→ **Exercise objective**:
All that is wanted is the span of lines from the one with "Question: What Dhivehi" to the last line of the data, copied exactly.

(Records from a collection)

◇ ◇ ◇ ◇

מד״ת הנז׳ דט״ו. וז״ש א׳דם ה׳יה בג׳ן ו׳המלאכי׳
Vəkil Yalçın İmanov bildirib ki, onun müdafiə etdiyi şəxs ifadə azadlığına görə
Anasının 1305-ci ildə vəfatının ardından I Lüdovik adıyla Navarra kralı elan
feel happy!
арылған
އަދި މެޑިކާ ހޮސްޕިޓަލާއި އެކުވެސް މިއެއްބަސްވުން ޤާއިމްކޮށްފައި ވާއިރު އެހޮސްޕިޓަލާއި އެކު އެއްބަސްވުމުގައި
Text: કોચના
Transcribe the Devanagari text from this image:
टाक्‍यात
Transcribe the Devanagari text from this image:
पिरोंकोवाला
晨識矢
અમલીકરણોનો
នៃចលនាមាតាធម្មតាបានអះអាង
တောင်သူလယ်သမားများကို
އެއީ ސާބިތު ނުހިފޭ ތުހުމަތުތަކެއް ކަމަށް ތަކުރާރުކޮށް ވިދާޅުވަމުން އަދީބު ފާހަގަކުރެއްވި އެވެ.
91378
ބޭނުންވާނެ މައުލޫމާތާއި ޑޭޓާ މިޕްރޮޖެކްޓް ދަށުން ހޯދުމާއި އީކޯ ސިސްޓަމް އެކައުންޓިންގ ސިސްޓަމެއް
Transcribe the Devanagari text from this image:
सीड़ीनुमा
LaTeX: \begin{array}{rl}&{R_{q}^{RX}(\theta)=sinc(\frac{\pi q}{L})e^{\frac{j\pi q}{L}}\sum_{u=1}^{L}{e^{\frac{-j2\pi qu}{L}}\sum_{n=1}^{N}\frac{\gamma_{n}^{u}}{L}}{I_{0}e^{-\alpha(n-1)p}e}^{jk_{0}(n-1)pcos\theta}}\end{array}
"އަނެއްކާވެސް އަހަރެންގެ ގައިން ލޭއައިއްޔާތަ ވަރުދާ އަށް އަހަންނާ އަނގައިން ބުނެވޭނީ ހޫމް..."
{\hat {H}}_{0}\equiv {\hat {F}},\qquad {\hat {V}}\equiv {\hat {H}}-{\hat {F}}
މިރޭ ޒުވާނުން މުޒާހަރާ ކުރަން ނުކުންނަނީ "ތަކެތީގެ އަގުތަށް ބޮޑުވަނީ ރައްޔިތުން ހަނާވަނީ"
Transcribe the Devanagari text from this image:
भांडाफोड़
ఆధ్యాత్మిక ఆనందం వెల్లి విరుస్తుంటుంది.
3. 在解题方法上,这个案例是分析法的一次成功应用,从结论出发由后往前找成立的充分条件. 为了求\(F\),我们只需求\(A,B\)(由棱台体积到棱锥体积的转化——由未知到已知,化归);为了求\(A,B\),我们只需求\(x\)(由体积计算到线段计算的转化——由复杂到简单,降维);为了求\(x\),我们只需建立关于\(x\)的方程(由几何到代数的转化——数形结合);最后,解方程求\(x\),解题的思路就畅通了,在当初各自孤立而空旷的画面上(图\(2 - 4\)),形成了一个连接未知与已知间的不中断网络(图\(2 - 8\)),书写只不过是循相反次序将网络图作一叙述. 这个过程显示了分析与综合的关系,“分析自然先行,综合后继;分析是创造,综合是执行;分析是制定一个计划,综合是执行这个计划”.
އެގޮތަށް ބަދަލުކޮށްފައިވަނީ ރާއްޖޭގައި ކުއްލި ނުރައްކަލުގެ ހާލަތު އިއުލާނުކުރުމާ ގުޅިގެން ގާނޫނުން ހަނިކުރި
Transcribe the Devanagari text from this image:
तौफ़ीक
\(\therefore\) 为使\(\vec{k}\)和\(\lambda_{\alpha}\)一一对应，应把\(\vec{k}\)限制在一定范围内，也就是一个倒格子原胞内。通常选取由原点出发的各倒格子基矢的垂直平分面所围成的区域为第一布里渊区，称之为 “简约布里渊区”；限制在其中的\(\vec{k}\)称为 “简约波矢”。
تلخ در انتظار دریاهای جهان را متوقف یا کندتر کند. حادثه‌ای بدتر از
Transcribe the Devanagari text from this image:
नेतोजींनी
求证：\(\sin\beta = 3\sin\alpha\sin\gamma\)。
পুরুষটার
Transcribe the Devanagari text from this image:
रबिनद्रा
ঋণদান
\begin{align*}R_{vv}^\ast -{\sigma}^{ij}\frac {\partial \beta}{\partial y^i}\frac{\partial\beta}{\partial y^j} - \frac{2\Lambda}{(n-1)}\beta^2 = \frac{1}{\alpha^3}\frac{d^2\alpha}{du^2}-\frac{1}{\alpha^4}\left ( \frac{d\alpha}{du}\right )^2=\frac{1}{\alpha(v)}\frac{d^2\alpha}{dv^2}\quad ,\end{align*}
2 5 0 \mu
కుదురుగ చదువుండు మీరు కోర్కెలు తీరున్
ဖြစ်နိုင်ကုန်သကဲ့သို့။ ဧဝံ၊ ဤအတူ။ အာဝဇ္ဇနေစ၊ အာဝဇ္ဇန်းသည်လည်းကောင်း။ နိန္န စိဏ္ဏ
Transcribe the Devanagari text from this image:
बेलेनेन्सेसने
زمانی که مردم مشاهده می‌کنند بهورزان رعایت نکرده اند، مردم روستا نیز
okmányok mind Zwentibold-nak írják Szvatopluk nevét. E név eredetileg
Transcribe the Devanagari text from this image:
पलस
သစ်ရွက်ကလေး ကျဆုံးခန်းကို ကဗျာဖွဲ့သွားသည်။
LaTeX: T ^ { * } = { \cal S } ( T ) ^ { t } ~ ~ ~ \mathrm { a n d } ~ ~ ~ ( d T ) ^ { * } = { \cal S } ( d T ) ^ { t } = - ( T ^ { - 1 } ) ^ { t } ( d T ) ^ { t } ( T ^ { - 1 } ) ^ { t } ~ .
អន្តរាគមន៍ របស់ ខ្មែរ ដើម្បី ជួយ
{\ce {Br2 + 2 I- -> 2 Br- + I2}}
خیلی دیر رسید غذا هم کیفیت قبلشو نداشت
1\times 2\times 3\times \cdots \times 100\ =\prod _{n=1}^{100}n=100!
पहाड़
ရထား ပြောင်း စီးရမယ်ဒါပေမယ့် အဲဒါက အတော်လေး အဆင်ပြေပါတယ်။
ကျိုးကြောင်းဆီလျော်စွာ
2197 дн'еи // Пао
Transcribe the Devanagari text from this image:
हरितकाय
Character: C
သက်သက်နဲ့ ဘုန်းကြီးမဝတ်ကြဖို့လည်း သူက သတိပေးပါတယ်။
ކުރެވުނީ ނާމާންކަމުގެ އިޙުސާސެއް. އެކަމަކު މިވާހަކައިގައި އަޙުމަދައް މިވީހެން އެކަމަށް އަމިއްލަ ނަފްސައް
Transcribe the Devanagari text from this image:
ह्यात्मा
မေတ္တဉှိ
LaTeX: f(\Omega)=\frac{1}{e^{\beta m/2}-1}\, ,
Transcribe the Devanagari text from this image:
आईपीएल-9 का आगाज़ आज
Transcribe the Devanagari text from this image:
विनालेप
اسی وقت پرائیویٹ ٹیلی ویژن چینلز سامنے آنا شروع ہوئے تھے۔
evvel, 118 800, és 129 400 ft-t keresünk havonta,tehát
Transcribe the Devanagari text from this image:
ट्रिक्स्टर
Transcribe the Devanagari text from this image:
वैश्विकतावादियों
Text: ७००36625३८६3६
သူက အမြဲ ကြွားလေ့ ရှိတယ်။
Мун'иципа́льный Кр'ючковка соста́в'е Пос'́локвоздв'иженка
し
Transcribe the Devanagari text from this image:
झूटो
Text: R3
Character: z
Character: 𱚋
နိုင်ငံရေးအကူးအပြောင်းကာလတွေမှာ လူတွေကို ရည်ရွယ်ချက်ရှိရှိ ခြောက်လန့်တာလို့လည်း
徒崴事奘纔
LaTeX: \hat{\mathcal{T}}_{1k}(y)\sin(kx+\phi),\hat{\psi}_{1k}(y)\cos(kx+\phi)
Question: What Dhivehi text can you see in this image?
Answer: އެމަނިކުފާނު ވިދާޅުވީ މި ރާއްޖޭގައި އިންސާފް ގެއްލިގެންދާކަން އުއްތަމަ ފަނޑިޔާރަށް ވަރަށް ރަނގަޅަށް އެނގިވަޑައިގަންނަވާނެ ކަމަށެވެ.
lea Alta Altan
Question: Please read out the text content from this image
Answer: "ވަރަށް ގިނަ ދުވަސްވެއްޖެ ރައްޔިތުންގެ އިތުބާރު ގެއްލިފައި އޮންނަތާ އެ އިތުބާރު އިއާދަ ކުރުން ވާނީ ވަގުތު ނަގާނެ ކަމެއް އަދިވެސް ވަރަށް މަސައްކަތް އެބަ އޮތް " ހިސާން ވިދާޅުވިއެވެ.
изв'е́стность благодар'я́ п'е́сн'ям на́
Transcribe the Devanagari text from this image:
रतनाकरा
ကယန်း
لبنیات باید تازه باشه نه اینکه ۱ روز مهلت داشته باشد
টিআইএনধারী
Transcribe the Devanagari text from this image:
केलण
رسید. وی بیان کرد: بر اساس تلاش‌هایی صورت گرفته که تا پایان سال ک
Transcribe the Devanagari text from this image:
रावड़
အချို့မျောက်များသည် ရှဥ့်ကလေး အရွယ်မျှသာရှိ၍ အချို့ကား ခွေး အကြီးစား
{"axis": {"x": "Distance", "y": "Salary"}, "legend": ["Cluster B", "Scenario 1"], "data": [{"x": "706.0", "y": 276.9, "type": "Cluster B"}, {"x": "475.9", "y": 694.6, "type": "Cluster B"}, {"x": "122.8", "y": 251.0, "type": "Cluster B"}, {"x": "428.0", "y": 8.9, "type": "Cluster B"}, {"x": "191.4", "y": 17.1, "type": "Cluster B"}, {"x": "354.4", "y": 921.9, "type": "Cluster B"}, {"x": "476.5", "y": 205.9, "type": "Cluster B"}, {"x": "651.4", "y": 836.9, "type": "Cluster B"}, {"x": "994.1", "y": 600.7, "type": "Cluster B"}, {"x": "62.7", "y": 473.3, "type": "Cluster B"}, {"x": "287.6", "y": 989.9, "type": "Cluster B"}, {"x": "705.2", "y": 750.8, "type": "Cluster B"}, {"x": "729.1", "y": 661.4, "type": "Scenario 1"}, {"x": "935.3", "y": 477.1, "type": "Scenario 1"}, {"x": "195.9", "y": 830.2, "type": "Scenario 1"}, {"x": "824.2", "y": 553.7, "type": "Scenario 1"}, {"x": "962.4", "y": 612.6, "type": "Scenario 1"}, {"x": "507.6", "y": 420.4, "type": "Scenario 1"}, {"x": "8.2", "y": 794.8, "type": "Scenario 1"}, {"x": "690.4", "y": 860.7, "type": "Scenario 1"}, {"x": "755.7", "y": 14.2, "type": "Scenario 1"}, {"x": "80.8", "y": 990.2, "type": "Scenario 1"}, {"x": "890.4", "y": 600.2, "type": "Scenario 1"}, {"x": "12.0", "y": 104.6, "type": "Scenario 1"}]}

◇ ◇ ◇ ◇

→ **Result of this exercise**:
Question: What Dhivehi text can you see in this image?
Answer: އެމަނިކުފާނު ވިދާޅުވީ މި ރާއްޖޭގައި އިންސާފް ގެއްލިގެންދާކަން އުއްތަމަ ފަނޑިޔާރަށް ވަރަށް ރަނގަޅަށް އެނގިވަޑައިގަންނަވާނެ ކަމަށެވެ.
lea Alta Altan
Question: Please read out the text content from this image
Answer: "ވަރަށް ގިނަ ދުވަސްވެއްޖެ ރައްޔިތުންގެ އިތުބާރު ގެއްލިފައި އޮންނަތާ އެ އިތުބާރު އިއާދަ ކުރުން ވާނީ ވަގުތު ނަގާނެ ކަމެއް އަދިވެސް ވަރަށް މަސައްކަތް އެބަ އޮތް " ހިސާން ވިދާޅުވިއެވެ.
изв'е́стность благодар'я́ п'е́сн'ям на́
Transcribe the Devanagari text from this image:
रतनाकरा
ကယန်း
لبنیات باید تازه باشه نه اینکه ۱ روز مهلت داشته باشد
টিআইএনধারী
Transcribe the Devanagari text from this image:
केलण
رسید. وی بیان کرد: بر اساس تلاش‌هایی صورت گرفته که تا پایان سال ک
Transcribe the Devanagari text from this image:
रावड़
အချို့မျောက်များသည် ရှဥ့်ကလေး အရွယ်မျှသာရှိ၍ အချို့ကား ခွေး အကြီးစား
{"axis": {"x": "Distance", "y": "Salary"}, "legend": ["Cluster B", "Scenario 1"], "data": [{"x": "706.0", "y": 276.9, "type": "Cluster B"}, {"x": "475.9", "y": 694.6, "type": "Cluster B"}, {"x": "122.8", "y": 251.0, "type": "Cluster B"}, {"x": "428.0", "y": 8.9, "type": "Cluster B"}, {"x": "191.4", "y": 17.1, "type": "Cluster B"}, {"x": "354.4", "y": 921.9, "type": "Cluster B"}, {"x": "476.5", "y": 205.9, "type": "Cluster B"}, {"x": "651.4", "y": 836.9, "type": "Cluster B"}, {"x": "994.1", "y": 600.7, "type": "Cluster B"}, {"x": "62.7", "y": 473.3, "type": "Cluster B"}, {"x": "287.6", "y": 989.9, "type": "Cluster B"}, {"x": "705.2", "y": 750.8, "type": "Cluster B"}, {"x": "729.1", "y": 661.4, "type": "Scenario 1"}, {"x": "935.3", "y": 477.1, "type": "Scenario 1"}, {"x": "195.9", "y": 830.2, "type": "Scenario 1"}, {"x": "824.2", "y": 553.7, "type": "Scenario 1"}, {"x": "962.4", "y": 612.6, "type": "Scenario 1"}, {"x": "507.6", "y": 420.4, "type": "Scenario 1"}, {"x": "8.2", "y": 794.8, "type": "Scenario 1"}, {"x": "690.4", "y": 860.7, "type": "Scenario 1"}, {"x": "755.7", "y": 14.2, "type": "Scenario 1"}, {"x": "80.8", "y": 990.2, "type": "Scenario 1"}, {"x": "890.4", "y": 600.2, "type": "Scenario 1"}, {"x": "12.0", "y": 104.6, "type": "Scenario 1"}]}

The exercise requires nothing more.